CS 527A, Spring 2002, Homework 1


Due on Wednesday January 23rd. Last day for late assignments is Monday January 28. Late assignments can be submitted up until 4pm but you must attend class if you are to submit an assignment anytime after 12:45pm on Monday.

A signed cover sheet for Homework 1 must be submitted with your homework.

For all homeworks in CS 527A you will always be given the option of replacing it by Choose Your Own Adventure in which you design your own homework related to the same topic being covered in the homework. As an example, for Homework 1 you could pick a different game than Othello. More significant variations are also allowed. You must get approval from Dr. Goldman for any Choose Your Own Adventure homework. This can be done by submitting a proposal via email or by an appointment.
In this homework you will implement the game learner described in class to learn to play Othello. The rules for Othello can be found at http://www.pressmangames.com/instructions/instruct_othello.html. The learner will be the white player. I recommend that you complete the components in the following order. Note that the first two steps which relate to Othello don't depend upon the lecture material so you can get started right away.
  1. (15 pts) Build the components needed that are specific to Othello. This includes:

    Spend some time thinking about how to structure your code. For example, to determine if a move is legal and to update the board given a legal move, it would be useful to have a method that takes a board, a move, and a direction (which can be specified as an change in the x of -1,0, or 1, and a change in y direction of -1, 0, or 1) and returns how many discs would be flipped in that direction for the given move.

  2. (10 pts) Implement a greedy opponent to train against which always picks a legal move that maximizes the number of discs flipped.

  3. (30 pts) Implement the learning algorithm given in class using the following 8 features: the number of spaces occupied by a white disc, the number of spaces occupied by a black disc, the number of corners occupied by a white disc, the number of corners occupied by a black disc, the number of non-corner edge spaces occupied by a white disc, the number of non-corner edge spaces occupied by a black disc, the number of spaces diagonally one away from the corner occupied by a white disc, the number of spaces diagonally one away from the corner occupied by a black disc, the number of spaces adjacent to an edge space that are occupied by a white disc, and the number of spaces adjacent to an edge space that are occupied by a black disc.

    In implementing your algorithm use a learning rate of 0.1 and start all weights at 0. Also be sure to normalize all of the feature values to be in the range of 0 to 1. Use 100 as the board value for a winning final board and -100 as the board value for a losing final board. Finally, for each game you should use the game from the view of the black player and the white player as training data. This really helps decrease training time when the strategy does not depend very much on which player goes first. In the games have the white player (i.e. the learner) go first every other round. Train your learner until it is no longer improving its performance.

  4. (15 pts) You should write a short report that has the following information. Be sure that all plots are clearly labeled.

  5. (30 pts) Consider at least two significant variations to what you have done to explore further. Think about variations that either enable the learner to obtain a better performance level (in terms of the percentage of games won) or speed-up training time (perhaps at the cost of performance).
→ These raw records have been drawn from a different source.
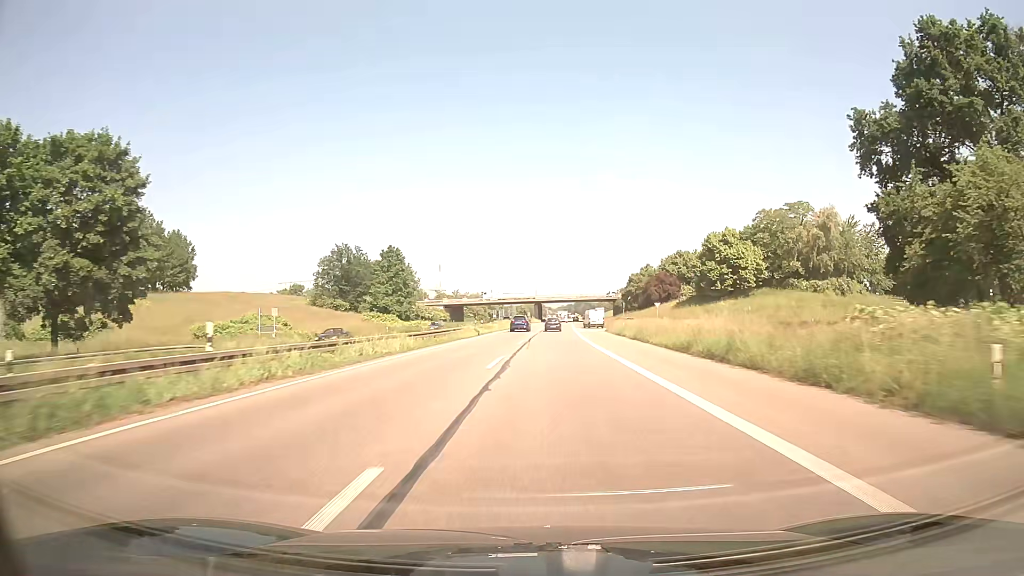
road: trunk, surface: asphalt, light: Day
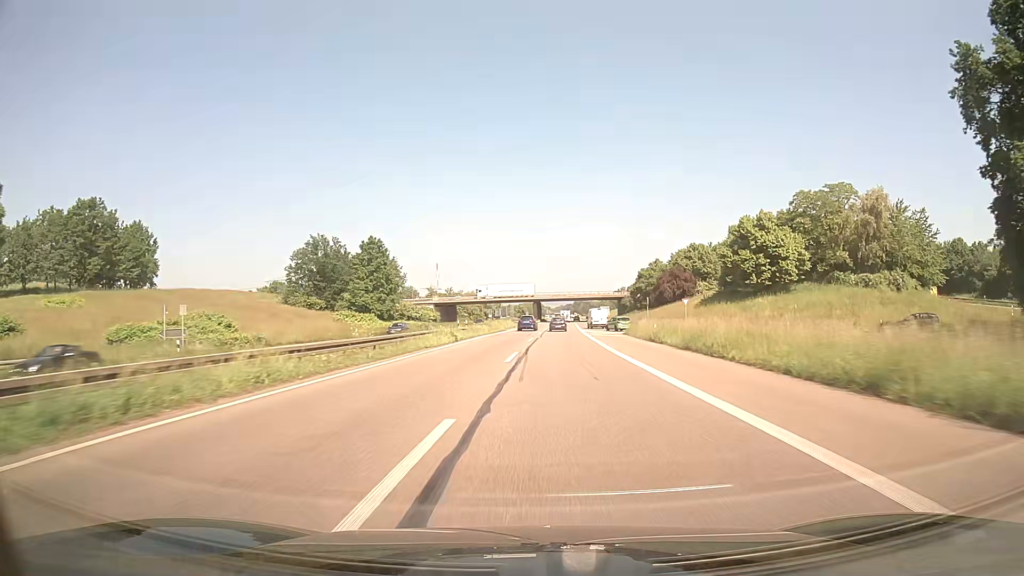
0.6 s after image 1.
(0.0, +15.4) m; 0°
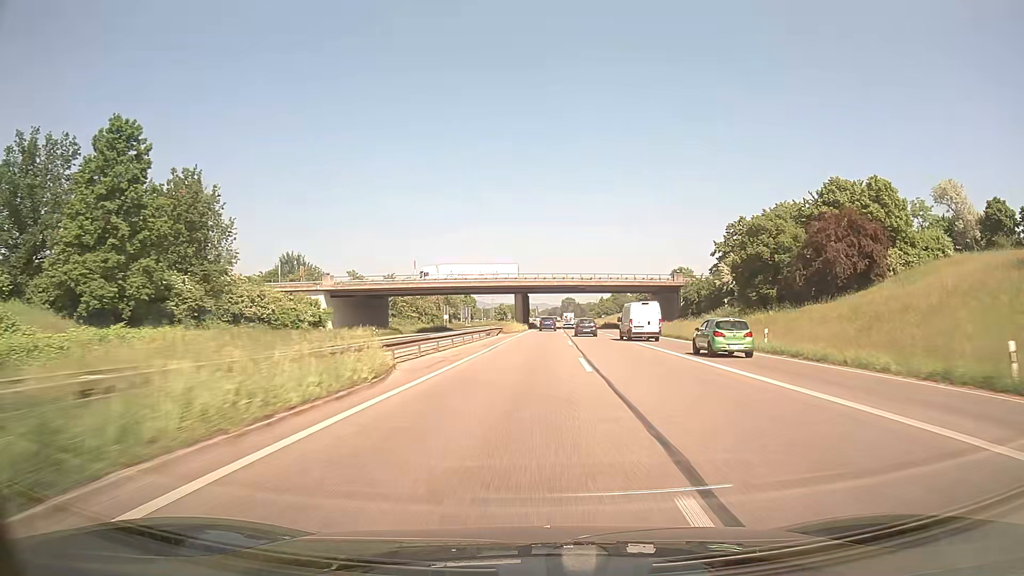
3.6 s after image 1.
(+0.6, +77.6) m; +1°
(0, +10) (0, +20) (0, +30) (0, +40) (+1, +50) (+1, +60) (+1, +70) (+2, +80) (+2, +90) (+2, +100) m

For example, you could study how varying the learning rate affects performance, you could see how varying/changing the features affects performance, you could study modifications to the value given to the final game board, you could add a component to pick a different starting board state for training, you could incorporate look-ahead in choosing the move, you could use different opponents to train agains. While I've given a lot of examples, there are many more variations that are not listed that you could consider. Be creative --- Think about something you would be curious about and try it. If you have any uncertainties about something you are considering just ask Dr. Goldman.
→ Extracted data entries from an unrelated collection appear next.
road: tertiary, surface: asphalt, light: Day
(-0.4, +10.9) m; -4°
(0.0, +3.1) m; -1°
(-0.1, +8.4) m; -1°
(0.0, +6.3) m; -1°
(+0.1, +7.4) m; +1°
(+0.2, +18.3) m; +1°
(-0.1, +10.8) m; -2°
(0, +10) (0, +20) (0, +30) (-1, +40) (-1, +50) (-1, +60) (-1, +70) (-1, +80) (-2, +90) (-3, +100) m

    Along with including additional plots, you should provide a 1-2 page write-up that clearly describes the changes you made, and discusses the affect these changes had on the learning quality and training time. Be sure to independently test each of the changes (and also together if you would like) to understand how the each affects the performance. It is not necessary that your changes improve performance as long as you explain why you thought they would help and then explain what happened.